Adnan menambahkan, santri dalam mempelajari agama di pesantren minimal selama 10-13 tahun sehingga memiliki pendalaman ilmu agama yang luas. Di pesantren, santri juga diajarkan ilmu fiqih tentang kenegaraan, sosial, dan lain-lain. Dengan modal itu, bila dilibatkan dalam proses deradikalisasi, santri akan lebih kuat dalam memberikan argumen dan pemahamannya, dibandingkan dengan orang biasa. Selain itu, santri mempunyai pemikiran luas ketika memberikan paparan tentang NKRI.
"Peran ini yang harus dimainkan di media sosial atau dunia maya untuk memberikan pemahaman kepada masyarakat. Utamanya dalam memerangi perang siber melawan kelompok radikal terorisme," ujar mantan Wakil Sekjen PBNU itu.
Adnan menyadari, propaganda yang dimainkan kelompok radikal terorisme melalui dunia maya sangat gencar. Karena itu, santri juga harus aktif berdakwah, baik berupa video maupun tulisan di media sosial.
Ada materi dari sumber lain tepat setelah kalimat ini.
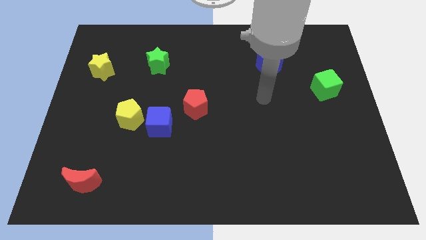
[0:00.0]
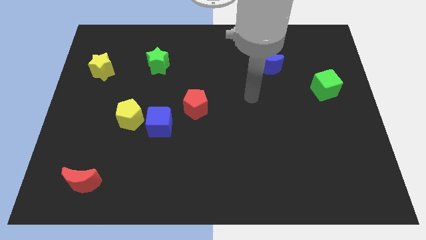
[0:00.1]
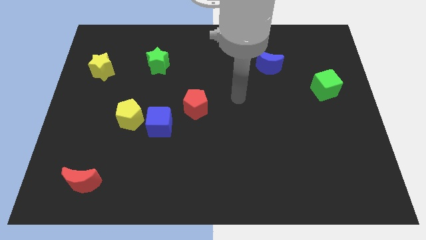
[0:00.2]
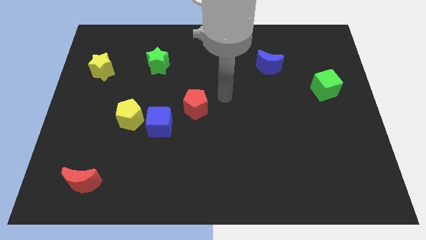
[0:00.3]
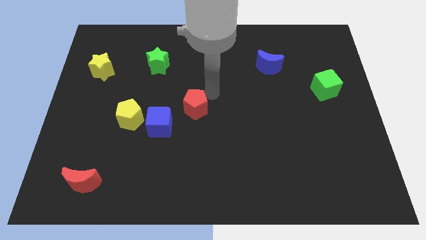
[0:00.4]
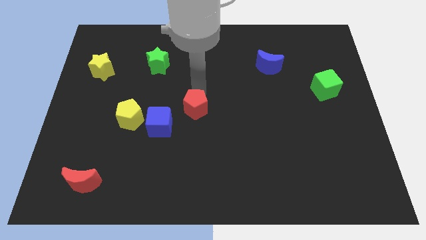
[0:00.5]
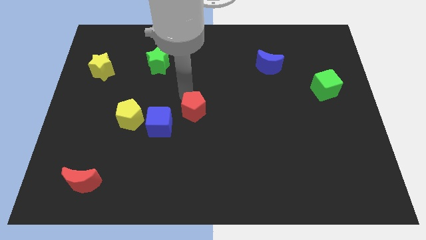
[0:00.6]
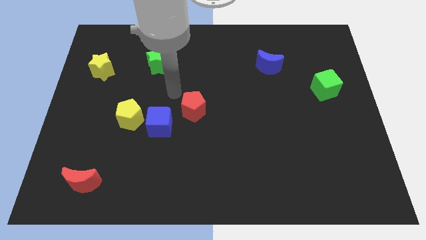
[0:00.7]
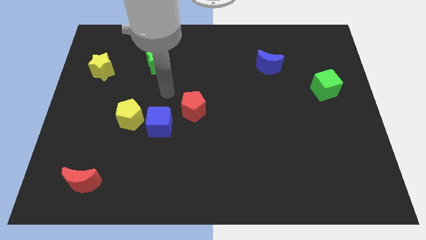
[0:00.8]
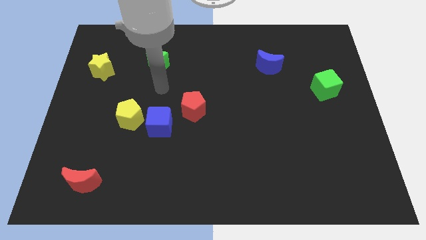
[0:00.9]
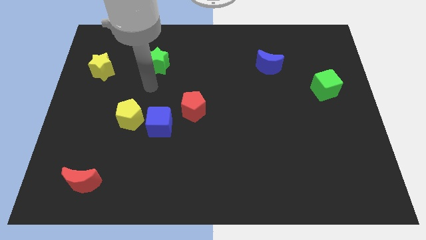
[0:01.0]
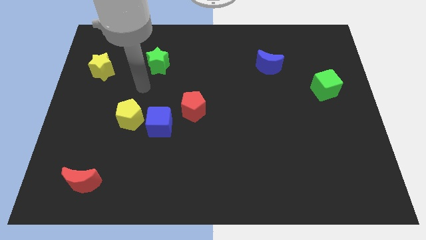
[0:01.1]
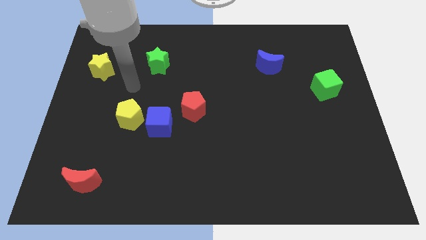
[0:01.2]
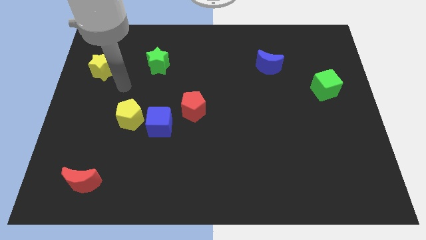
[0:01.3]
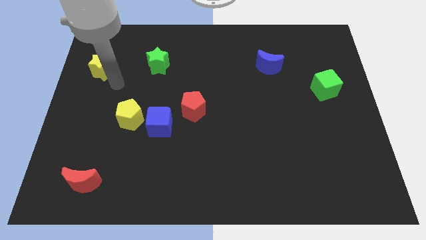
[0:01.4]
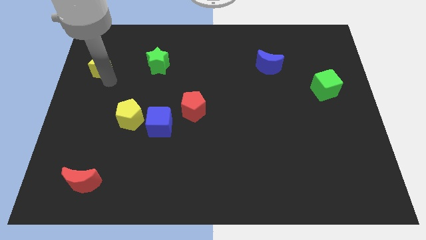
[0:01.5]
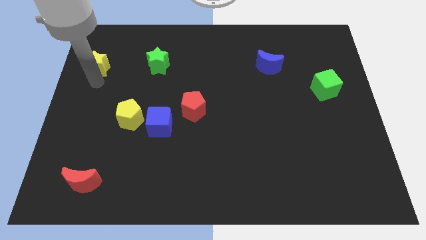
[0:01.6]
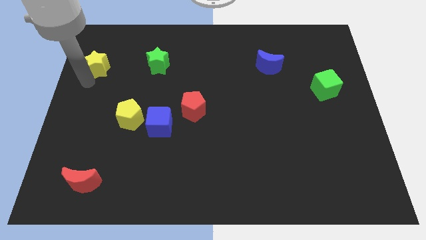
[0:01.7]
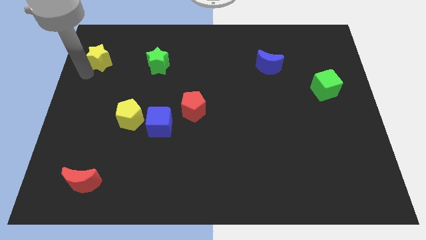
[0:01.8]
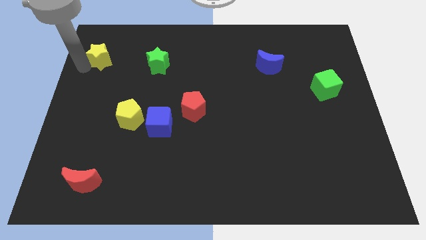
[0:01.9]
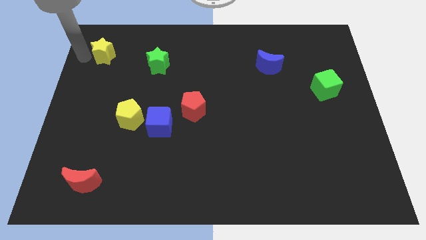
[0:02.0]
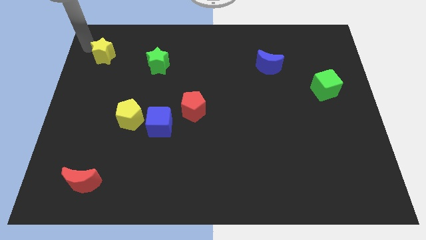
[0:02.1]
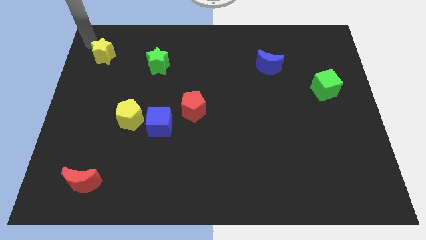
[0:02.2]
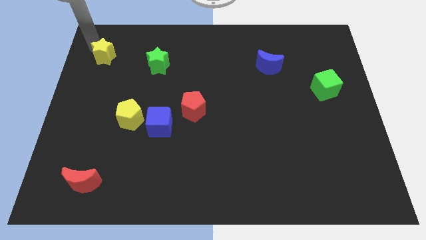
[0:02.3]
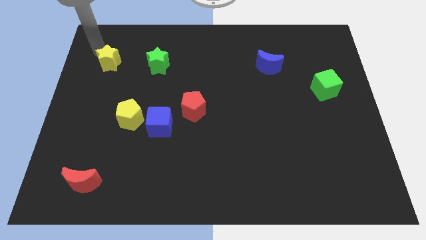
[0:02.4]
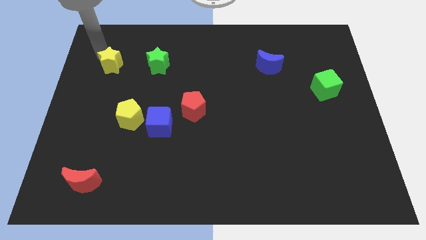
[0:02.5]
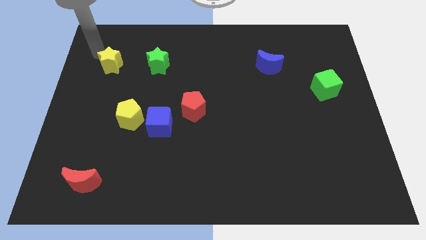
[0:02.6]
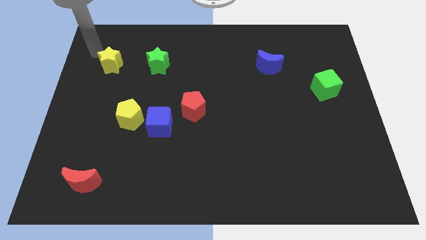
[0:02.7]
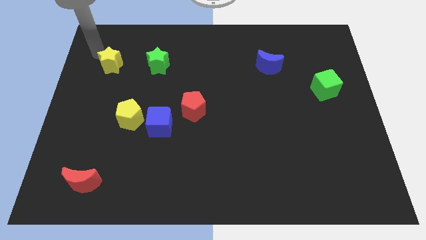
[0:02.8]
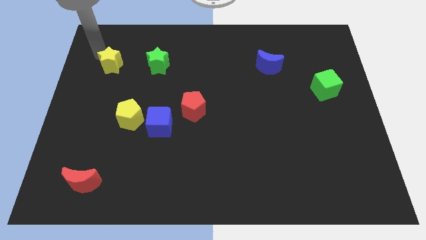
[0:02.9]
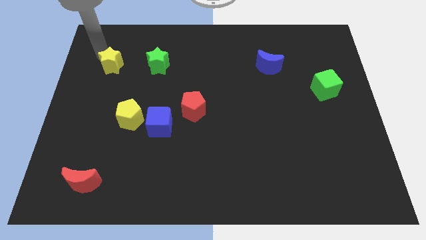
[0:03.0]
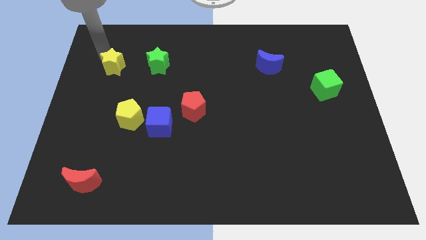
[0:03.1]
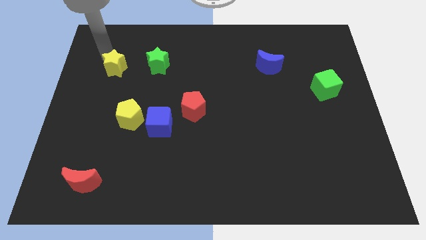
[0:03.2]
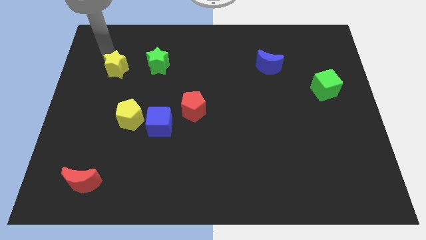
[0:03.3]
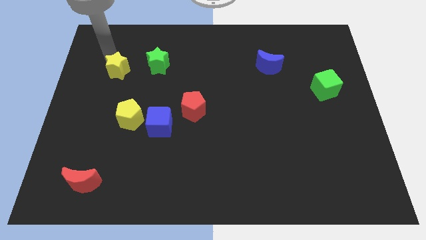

Langkah itu harus dilakukan karena selama ini banyak orang yang belajar agama melalui internet cenderung membaca instan. Kondisi ini harus dilawan para santri dengan memberikan pemahaman dan argumen yang luas, tetapi tetap populer sehingga mudah dibaca pengguna internet yang masih awam, baik di desa maupun di kota.
Dengan fakta diatas, Adnan menyarankan harus dibuat situs-situs kontra radikalisasi. Untuk itu, ia meminta pemerintah harus memfasilitasi kekuatan yang dimiliki santri. Selain itu, pemerintah harus menggandeng pesantren terkait siber santri dalam melawan radikalisasi.
"Selama ini saya lihat peran santri untuk melawan itu melalui dunia maya masih kurang. Saya kira BNPT dan Kemenkominfo perlu menggandeng pesantren seperti mengadakan pendidikan-pendidikan IT yang bertujuan untuk menyusun pasukan cyber pesantren itu," ulas Adnan.